私は汗を滴ながら、しかしすこし喜んでいた。自然と奢る口実ができた。


日差しが強く、肌が焼けそうだった。そうか、あれは夏だったのだ。
汗をぬぐいながら、入場の列に並ぶ。彼女に訪ねる。「お昼ご飯、どーしよっか」彼女の眉は少し潜まる。

「うーん、お昼は……やめとこっかな」
「朝ごはん何食べたの」
「えぇと、なにも食べてない」
「じゃあお腹すいたでしょ」
「でもなぁ、食べに行くのは、お金がなぁ」

あ、いいよ、私奢るよ、遅刻したお詫びに



これ以上ないタイミングだった。
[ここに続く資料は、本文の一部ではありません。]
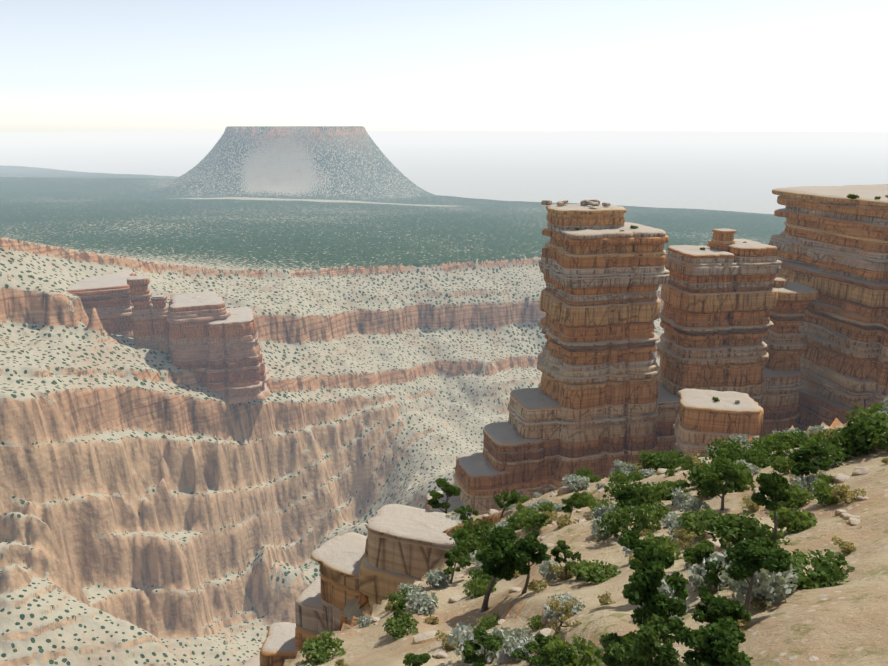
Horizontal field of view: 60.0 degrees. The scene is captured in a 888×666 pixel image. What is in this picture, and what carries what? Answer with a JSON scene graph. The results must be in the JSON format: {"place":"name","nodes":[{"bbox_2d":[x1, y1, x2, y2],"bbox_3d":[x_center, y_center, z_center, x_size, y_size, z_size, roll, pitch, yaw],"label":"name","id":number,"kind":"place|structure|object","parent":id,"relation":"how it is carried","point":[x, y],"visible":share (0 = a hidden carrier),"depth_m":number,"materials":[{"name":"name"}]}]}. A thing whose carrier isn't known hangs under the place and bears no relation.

遠慮がちな彼女のことだから一度、断るかと思った。しかし答えに、詰まりはなかった。「え、そう?うーん、じゃあなに食べよっかな」

なんだ、一言も断らないの。それ以上に、乗り気なの。トーンのあがった声音の予想外の返答に、自身が遅刻したことを棚上げして、私の心は薄く翳った。与える側の傲慢な期待。エゴイスティックな、謙虚さへの盲信的美意識の例。
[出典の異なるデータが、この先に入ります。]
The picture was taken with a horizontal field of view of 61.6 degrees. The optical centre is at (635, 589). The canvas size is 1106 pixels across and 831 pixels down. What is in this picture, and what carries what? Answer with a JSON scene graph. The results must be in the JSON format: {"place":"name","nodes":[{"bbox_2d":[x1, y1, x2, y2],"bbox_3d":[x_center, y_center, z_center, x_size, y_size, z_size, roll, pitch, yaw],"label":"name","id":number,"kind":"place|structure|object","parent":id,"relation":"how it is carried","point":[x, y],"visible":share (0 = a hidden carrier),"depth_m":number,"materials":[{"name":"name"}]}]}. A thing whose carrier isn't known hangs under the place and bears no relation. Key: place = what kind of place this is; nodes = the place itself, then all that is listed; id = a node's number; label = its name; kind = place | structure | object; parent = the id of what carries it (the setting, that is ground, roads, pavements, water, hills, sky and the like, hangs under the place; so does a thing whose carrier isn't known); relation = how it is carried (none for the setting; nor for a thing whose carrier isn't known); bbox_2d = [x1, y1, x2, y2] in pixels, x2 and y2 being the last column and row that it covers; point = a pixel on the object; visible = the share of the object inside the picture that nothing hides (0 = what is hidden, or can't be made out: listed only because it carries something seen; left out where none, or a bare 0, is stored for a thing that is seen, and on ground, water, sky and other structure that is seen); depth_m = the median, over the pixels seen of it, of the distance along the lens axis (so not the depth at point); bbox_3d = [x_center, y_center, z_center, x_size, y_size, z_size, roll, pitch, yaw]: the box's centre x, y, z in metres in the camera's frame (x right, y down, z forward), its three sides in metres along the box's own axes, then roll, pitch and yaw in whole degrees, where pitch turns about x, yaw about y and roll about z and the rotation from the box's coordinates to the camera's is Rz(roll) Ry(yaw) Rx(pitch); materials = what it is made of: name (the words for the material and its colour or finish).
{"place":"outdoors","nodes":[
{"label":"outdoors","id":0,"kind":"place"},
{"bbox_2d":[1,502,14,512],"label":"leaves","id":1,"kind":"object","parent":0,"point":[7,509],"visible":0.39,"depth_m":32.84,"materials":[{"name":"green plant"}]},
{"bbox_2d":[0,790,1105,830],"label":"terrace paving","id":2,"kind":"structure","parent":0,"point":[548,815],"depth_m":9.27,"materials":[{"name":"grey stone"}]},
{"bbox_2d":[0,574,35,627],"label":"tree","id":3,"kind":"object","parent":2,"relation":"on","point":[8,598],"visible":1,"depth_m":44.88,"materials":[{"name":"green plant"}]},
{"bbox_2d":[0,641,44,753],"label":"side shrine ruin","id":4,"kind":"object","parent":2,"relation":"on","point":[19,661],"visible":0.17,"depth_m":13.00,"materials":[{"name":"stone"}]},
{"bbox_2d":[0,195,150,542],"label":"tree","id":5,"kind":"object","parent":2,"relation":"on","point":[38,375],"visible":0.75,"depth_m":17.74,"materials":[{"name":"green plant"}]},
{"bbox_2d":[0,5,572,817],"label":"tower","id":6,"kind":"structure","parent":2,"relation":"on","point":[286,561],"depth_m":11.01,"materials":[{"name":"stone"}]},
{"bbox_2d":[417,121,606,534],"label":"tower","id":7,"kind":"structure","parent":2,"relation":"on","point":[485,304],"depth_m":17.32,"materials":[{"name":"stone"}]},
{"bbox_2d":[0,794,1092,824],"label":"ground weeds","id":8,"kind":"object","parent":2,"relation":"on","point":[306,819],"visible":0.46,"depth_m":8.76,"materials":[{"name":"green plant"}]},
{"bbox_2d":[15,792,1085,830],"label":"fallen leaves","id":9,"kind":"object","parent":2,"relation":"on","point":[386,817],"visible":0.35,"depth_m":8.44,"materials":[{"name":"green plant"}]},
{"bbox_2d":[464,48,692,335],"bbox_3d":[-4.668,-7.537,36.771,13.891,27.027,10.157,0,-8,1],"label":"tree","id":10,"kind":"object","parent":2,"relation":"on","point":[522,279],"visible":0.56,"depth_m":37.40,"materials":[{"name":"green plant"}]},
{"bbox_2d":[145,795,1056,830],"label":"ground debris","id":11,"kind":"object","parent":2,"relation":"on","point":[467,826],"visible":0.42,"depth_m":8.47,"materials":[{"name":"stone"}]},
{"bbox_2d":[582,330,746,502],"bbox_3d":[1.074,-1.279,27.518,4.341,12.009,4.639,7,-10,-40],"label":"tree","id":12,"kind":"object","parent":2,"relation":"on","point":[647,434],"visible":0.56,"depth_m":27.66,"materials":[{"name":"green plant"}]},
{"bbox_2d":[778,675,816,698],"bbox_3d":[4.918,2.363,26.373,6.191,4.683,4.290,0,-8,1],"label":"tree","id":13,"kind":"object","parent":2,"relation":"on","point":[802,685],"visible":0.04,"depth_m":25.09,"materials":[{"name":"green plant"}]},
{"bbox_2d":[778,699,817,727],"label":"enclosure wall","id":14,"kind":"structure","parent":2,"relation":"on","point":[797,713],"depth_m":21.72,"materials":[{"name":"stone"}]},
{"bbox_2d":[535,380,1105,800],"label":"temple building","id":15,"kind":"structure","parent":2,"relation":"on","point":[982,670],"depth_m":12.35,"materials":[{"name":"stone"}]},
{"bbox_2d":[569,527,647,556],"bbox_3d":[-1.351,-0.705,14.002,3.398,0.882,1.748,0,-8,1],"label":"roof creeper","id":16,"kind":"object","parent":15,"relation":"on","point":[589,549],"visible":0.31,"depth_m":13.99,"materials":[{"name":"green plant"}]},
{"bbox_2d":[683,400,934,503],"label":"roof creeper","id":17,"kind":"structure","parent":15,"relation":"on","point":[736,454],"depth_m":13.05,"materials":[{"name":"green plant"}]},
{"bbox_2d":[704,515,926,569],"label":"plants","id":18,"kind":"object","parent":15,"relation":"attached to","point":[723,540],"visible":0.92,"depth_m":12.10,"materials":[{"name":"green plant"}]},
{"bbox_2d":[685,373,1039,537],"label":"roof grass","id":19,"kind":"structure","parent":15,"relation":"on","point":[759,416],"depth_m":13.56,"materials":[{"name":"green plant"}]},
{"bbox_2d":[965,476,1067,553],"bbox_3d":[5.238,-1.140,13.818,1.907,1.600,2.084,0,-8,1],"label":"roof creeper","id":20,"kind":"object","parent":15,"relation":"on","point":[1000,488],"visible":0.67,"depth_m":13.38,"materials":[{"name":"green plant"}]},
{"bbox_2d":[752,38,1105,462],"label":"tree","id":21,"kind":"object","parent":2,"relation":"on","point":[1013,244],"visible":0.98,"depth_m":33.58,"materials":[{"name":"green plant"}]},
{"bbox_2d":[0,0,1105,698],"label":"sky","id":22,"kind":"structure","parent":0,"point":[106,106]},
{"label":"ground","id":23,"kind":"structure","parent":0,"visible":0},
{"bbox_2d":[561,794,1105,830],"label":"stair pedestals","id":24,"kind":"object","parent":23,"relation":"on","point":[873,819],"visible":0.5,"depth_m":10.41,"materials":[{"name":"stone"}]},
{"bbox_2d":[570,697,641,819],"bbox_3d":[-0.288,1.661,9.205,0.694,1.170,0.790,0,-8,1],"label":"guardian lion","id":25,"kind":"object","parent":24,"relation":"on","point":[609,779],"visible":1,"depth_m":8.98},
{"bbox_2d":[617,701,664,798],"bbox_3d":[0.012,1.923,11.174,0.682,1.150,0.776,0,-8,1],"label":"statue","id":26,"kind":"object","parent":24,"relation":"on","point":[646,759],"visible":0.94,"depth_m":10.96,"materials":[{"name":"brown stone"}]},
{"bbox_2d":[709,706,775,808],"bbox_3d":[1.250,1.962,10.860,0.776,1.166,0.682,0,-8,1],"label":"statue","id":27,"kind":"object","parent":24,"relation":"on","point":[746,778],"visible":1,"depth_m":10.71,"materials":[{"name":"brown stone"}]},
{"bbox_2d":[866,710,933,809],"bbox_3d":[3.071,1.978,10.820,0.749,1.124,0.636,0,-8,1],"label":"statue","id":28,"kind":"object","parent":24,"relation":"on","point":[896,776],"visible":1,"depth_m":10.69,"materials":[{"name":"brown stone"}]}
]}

連れだった店で、彼女は一番高いプレートを注文した。デザートでも食べる?と私は聞いた。かけるような行為だった。そうなんだよね、何にしよっかな~と彼女は嬉々と注文を追加した。

私は、試すような自分の心に辟易しながら、クリームと共に不満を飲み込んだ。人のお金とわかった途端に平気で注文をする彼女にも。与えることのエゴを割りきれていない自分にも。




私、今貯金一万円しかないもん。

数ヵ月後、彼女の母親が此方に来ると連絡があり、私たち母娘と彼女たち、四人で晩御飯に行った。話の流れ、私が自身の貯金額にケラケラ笑うと、一瞬、空気の色が変わった。彼女の母親が娘を小突きながら言った。
「ほらぁ、良ちゃんだってそんくらいしかお金持ってないって」


私はその響きが嫌だった。まるで、彼女たちが、私が親から湯水のようにお金をもらっていると思っていたかのような、口振りだった。
私の家はたしかに人より少し裕福だ。彼女たちはそれを知っていた。しかし、私の家は厳格で、そんな余分な贅沢を少しだって子どもに与えなかった。

そんなこと、母の友人ならば。節約家で、ブランド志向の欠片もない、飾り気のない母を知っているあなたなら。そんなこと言わなくともわかると、考えもしないと思っていた。


数ヵ月前を思い出す。私が彼女にランチを奢ったこと。彼女が躊躇も遠慮もなく返答をし、好きなだけ食べたいものを注文したこと。それは私がなにも困らないほど小遣いを貰っていると思っていたからなのだろうか。
人にご飯を奢ることをなんの躊躇いもないほど、お金に甘やかされていると考えていたから、なんだろうか。


胡麻豆腐を口に運びながら、勝手に失望して、萎れていく己の心を感じていた。


例え、私がお金に甘やかされていたとして。たとえそうだとして、どうして平気で奢られるというんだろう。
連絡一つ寄越すのに、母親に何度もけしかけられなければ出来ない距離を保たせている相手に対して。


それは、気持ちを図る、ものさしになるの?


あなたは会話のうちに何度もいう。「でも、相手に嫌だと思われてるかもしれない」
何度も何度も口に出して怯えているのに、どうして自分から相手を喜ばせようとも、微笑みを向けようとも、会話に入ろうともせず、黙って携帯をいじりはじめるのだろう。
どうして、私の提案に、ひとかけでも。そうした配慮をしてくれなかったんだろう。私が貴方よりも裕福だろうから?溢れるほどにお金をもらっていると思ったから?

どうして。
それは問いかけでなくて、呟くたびに増す、確信。




でも、だからって、あなたみたいに無神経な人、私はきらい





彼女が新しい環境に馴染めず、振り込まれた生活費を使いきって突如実家に舞い戻り、布団から出なくなったという話を聞いた。


しらけた気持ちになった。そんな自分が一番嫌だった。